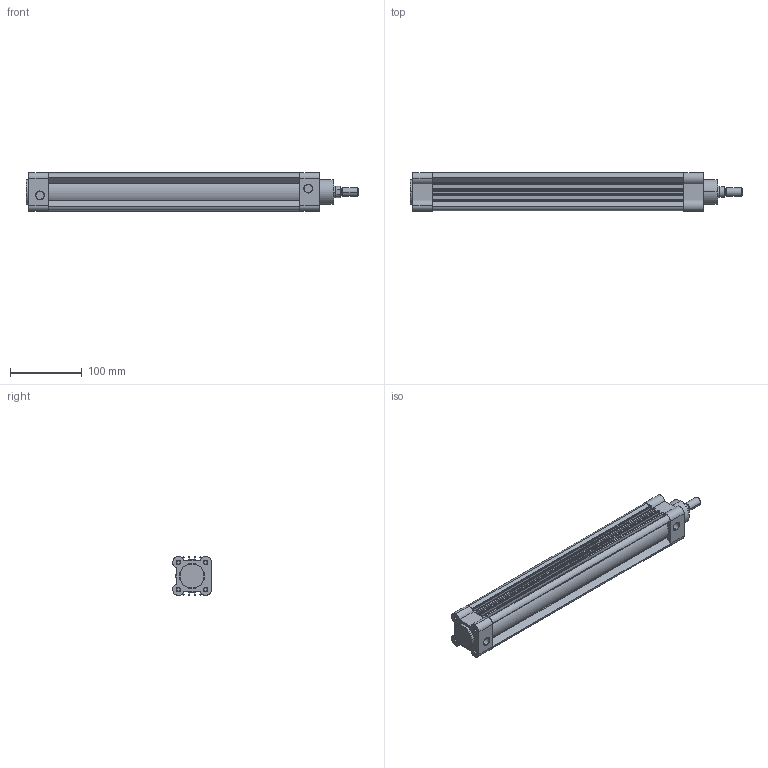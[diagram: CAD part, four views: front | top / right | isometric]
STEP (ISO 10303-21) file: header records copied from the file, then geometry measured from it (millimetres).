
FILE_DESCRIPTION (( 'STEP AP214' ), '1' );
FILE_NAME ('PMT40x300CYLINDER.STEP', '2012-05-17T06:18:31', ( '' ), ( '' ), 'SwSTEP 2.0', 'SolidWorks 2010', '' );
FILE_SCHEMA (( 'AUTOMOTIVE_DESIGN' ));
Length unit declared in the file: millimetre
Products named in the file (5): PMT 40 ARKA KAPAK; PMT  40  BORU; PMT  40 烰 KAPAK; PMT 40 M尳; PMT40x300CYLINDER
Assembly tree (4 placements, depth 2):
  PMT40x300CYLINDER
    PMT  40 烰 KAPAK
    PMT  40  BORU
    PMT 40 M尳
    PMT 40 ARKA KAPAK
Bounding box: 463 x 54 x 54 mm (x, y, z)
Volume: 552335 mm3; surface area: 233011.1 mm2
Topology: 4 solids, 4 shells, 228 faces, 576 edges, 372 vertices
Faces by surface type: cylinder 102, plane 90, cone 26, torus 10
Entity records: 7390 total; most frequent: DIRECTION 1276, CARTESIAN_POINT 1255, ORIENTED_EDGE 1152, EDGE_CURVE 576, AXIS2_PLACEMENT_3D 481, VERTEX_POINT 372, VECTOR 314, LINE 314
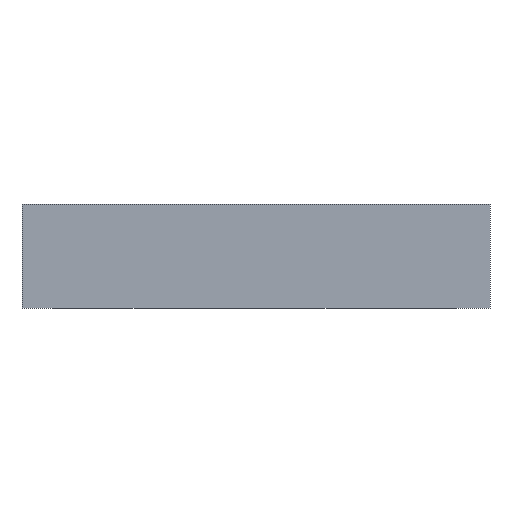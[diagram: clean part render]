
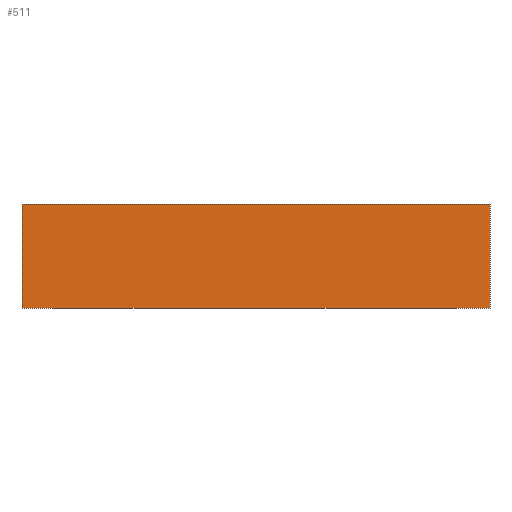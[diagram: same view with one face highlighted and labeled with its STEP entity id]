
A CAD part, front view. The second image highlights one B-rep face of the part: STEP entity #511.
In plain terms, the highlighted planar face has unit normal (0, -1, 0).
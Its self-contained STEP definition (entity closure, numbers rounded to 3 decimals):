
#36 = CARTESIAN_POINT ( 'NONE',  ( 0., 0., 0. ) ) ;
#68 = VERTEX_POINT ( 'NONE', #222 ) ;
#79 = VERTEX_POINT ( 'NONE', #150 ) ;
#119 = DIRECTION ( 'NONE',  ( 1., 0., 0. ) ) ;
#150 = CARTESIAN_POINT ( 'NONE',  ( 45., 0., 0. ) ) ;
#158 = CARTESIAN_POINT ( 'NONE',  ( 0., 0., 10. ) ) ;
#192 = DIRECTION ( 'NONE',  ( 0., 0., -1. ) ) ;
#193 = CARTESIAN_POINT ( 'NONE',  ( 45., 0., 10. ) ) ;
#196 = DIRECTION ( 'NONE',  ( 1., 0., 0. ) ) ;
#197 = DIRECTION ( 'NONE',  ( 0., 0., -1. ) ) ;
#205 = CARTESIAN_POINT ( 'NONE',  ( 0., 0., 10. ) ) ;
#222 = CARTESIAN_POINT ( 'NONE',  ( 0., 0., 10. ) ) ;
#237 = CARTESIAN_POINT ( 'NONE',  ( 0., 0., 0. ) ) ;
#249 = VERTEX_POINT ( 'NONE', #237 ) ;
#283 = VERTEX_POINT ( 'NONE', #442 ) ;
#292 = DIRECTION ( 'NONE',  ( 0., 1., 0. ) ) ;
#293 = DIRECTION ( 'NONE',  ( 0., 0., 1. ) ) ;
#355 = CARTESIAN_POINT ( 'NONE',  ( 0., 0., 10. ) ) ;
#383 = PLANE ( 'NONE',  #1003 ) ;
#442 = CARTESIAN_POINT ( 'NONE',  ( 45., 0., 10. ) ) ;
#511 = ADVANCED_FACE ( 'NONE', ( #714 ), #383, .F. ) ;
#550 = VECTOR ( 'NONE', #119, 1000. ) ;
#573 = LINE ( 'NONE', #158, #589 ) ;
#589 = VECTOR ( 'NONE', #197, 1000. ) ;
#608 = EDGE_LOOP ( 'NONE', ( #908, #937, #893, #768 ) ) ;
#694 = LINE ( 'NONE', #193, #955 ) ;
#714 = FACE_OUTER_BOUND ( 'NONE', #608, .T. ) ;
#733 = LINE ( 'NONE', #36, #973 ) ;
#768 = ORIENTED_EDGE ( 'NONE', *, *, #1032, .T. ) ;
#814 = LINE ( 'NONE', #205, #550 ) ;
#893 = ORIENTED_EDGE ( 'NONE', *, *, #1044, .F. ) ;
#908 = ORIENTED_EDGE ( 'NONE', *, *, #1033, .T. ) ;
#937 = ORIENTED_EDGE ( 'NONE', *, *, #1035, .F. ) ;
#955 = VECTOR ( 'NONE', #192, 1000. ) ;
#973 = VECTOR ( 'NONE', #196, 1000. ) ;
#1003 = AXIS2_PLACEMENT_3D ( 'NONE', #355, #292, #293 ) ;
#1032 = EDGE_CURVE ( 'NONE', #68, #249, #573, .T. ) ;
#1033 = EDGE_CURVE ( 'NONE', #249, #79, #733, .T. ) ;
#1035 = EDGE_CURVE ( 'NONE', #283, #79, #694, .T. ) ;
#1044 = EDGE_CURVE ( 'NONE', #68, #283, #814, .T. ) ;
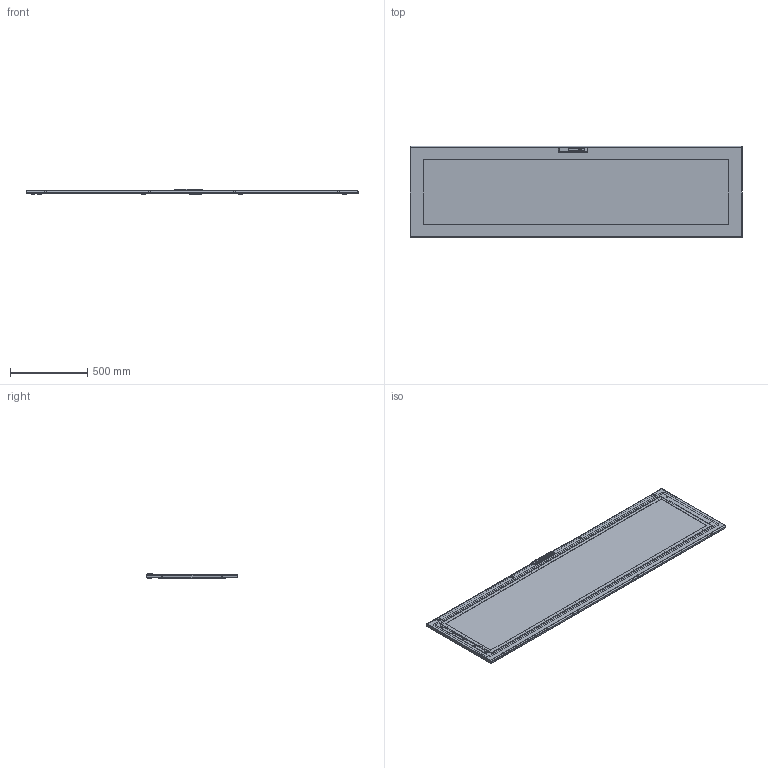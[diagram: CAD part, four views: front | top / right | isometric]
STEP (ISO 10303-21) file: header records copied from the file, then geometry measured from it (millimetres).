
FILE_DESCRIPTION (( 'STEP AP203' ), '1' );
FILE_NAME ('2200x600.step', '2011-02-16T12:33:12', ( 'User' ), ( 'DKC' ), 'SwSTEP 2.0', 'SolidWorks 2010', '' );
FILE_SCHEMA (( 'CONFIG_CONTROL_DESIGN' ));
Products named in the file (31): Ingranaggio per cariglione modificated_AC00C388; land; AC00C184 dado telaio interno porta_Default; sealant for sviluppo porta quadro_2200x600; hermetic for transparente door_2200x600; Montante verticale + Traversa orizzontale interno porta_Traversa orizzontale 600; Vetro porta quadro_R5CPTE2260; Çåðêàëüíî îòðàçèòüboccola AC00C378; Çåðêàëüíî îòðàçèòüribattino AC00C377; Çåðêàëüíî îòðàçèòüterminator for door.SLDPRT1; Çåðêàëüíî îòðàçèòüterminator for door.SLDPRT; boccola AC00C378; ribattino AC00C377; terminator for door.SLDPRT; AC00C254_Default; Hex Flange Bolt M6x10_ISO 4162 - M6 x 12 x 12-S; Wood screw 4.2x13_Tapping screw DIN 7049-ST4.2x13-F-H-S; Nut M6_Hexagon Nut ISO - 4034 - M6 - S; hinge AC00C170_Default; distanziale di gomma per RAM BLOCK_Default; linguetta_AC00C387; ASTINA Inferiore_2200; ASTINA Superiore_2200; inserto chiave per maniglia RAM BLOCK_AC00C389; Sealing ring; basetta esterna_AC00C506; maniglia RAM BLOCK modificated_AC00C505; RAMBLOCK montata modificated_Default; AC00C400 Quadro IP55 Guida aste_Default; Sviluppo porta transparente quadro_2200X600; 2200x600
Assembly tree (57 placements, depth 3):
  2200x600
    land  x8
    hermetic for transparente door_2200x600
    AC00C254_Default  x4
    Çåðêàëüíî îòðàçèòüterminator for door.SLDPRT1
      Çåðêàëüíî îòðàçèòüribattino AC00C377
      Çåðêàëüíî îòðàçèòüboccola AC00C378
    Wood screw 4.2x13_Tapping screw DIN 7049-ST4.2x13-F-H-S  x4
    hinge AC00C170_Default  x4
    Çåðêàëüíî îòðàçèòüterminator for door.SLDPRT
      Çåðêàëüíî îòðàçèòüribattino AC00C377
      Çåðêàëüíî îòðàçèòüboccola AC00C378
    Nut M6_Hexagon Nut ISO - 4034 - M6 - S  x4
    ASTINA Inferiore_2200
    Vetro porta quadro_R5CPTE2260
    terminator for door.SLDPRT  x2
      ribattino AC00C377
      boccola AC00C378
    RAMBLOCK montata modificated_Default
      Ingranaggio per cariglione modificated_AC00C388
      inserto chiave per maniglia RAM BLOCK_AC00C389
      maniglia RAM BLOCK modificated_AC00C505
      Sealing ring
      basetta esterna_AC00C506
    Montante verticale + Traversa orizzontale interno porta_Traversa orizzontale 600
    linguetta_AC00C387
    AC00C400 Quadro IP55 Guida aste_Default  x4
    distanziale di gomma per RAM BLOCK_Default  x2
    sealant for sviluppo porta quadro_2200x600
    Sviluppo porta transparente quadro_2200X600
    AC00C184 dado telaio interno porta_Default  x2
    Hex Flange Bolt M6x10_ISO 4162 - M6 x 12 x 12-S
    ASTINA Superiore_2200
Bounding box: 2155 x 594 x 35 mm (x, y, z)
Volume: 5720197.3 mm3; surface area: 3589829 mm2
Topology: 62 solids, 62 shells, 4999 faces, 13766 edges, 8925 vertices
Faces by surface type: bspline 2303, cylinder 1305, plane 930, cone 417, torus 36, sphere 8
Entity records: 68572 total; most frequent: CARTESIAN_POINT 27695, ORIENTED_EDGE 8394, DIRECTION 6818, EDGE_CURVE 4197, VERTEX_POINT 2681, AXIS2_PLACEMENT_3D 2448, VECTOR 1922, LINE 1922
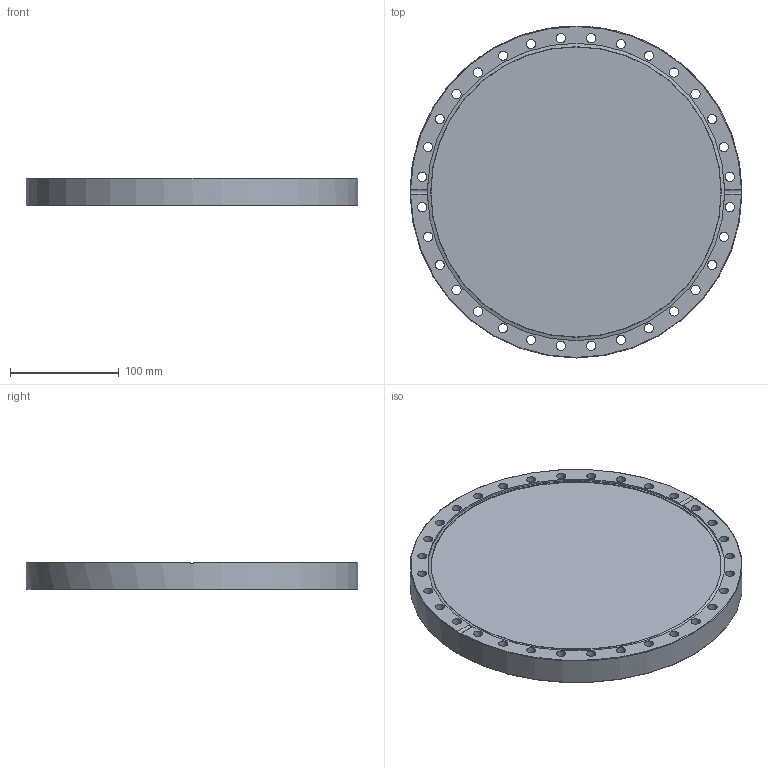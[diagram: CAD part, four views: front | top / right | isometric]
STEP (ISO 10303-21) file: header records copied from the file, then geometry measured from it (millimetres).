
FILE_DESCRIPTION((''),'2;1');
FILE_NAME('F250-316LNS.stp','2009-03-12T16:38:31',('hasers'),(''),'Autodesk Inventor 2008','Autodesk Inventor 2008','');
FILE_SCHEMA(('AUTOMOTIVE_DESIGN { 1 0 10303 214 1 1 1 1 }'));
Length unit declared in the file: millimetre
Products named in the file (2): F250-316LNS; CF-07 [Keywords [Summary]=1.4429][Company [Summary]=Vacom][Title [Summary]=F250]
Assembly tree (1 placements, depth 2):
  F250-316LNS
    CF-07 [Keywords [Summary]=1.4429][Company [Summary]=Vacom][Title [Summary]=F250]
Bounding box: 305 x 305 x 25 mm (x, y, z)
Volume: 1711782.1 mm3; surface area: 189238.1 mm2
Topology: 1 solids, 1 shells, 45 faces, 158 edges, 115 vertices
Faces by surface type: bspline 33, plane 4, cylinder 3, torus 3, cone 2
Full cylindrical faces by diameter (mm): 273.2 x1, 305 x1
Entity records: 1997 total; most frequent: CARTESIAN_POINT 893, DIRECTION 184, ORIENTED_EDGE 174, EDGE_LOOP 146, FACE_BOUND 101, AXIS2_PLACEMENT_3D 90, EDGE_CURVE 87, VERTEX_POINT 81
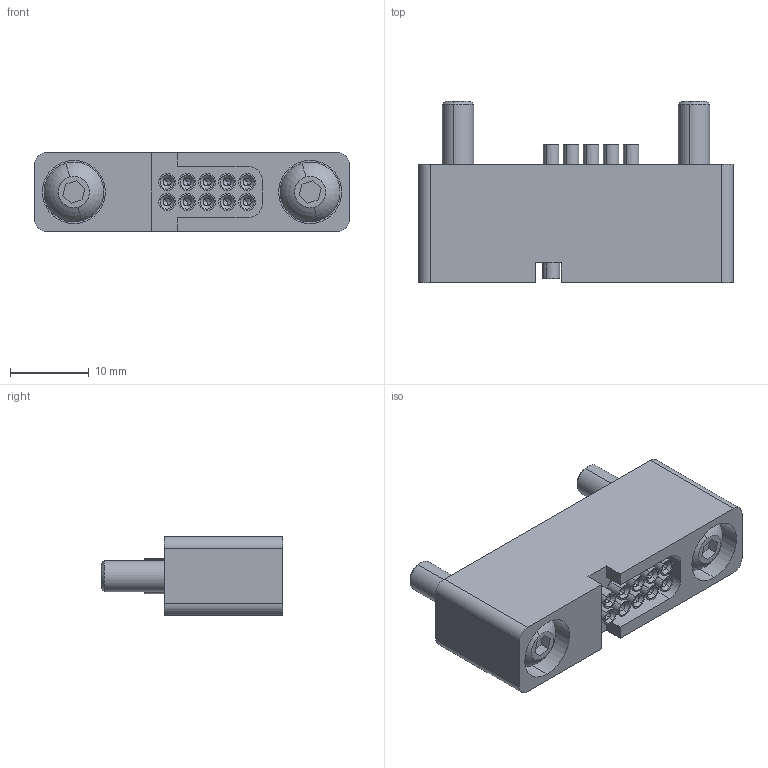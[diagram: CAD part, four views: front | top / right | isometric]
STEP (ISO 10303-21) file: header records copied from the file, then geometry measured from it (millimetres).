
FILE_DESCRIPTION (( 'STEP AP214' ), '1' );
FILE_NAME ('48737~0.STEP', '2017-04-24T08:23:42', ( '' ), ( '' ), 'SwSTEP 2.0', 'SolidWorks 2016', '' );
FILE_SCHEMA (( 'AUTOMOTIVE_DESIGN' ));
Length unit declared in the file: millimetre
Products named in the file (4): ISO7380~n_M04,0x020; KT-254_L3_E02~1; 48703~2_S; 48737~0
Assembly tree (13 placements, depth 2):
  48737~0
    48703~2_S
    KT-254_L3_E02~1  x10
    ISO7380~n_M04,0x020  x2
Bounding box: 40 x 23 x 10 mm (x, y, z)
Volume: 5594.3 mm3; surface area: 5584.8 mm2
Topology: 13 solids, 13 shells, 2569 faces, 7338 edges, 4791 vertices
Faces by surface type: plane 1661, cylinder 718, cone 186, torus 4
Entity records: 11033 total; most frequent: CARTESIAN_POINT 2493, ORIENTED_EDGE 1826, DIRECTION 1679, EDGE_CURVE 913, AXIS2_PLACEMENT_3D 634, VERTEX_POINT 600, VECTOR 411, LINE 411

○ ○ ○ ○ ○

• _Task item_: From the first line through the line with "#196 = DIRECTION", output those lines of the entries above exactly, and nothing else, with the pictures left out.

• _Answer below_:
[diagram: CAD part, four views: front | top / right | isometric]
STEP (ISO 10303-21) file: header records copied from the file, then geometry measured from it (millimetres).
FILE_DESCRIPTION (( 'STEP AP214' ), '1' );
FILE_NAME ('PMT40x300CYLINDER.STEP', '2012-05-17T06:18:31', ( '' ), ( '' ), 'SwSTEP 2.0', 'SolidWorks 2010', '' );
FILE_SCHEMA (( 'AUTOMOTIVE_DESIGN' ));
Length unit declared in the file: millimetre
Products named in the file (5): PMT 40 ARKA KAPAK; PMT  40  BORU; PMT  40 烰 KAPAK; PMT 40 M尳; PMT40x300CYLINDER
Assembly tree (4 placements, depth 2):
  PMT40x300CYLINDER
    PMT  40 烰 KAPAK
    PMT  40  BORU
    PMT 40 M尳
    PMT 40 ARKA KAPAK
Bounding box: 463 x 54 x 54 mm (x, y, z)
Volume: 552335 mm3; surface area: 233011.1 mm2
Topology: 4 solids, 4 shells, 228 faces, 576 edges, 372 vertices
Faces by surface type: cylinder 102, plane 90, cone 26, torus 10
Entity records: 7390 total; most frequent: DIRECTION 1276, CARTESIAN_POINT 1255, ORIENTED_EDGE 1152, EDGE_CURVE 576, AXIS2_PLACEMENT_3D 481, VERTEX_POINT 372, VECTOR 314, LINE 314
[diagram: clean part render]
[diagram: same view with one face highlighted and labeled with its STEP entity id]
A CAD part, front view. The second image highlights one B-rep face of the part: STEP entity #511.
In plain terms, the highlighted planar face has unit normal (0, -1, 0).
Its self-contained STEP definition (entity closure, numbers rounded to 3 decimals):
#36 = CARTESIAN_POINT ( 'NONE',  ( 0., 0., 0. ) ) ;
#68 = VERTEX_POINT ( 'NONE', #222 ) ;
#79 = VERTEX_POINT ( 'NONE', #150 ) ;
#119 = DIRECTION ( 'NONE',  ( 1., 0., 0. ) ) ;
#150 = CARTESIAN_POINT ( 'NONE',  ( 45., 0., 0. ) ) ;
#158 = CARTESIAN_POINT ( 'NONE',  ( 0., 0., 10. ) ) ;
#192 = DIRECTION ( 'NONE',  ( 0., 0., -1. ) ) ;
#193 = CARTESIAN_POINT ( 'NONE',  ( 45., 0., 10. ) ) ;
#196 = DIRECTION ( 'NONE',  ( 1., 0., 0. ) ) ;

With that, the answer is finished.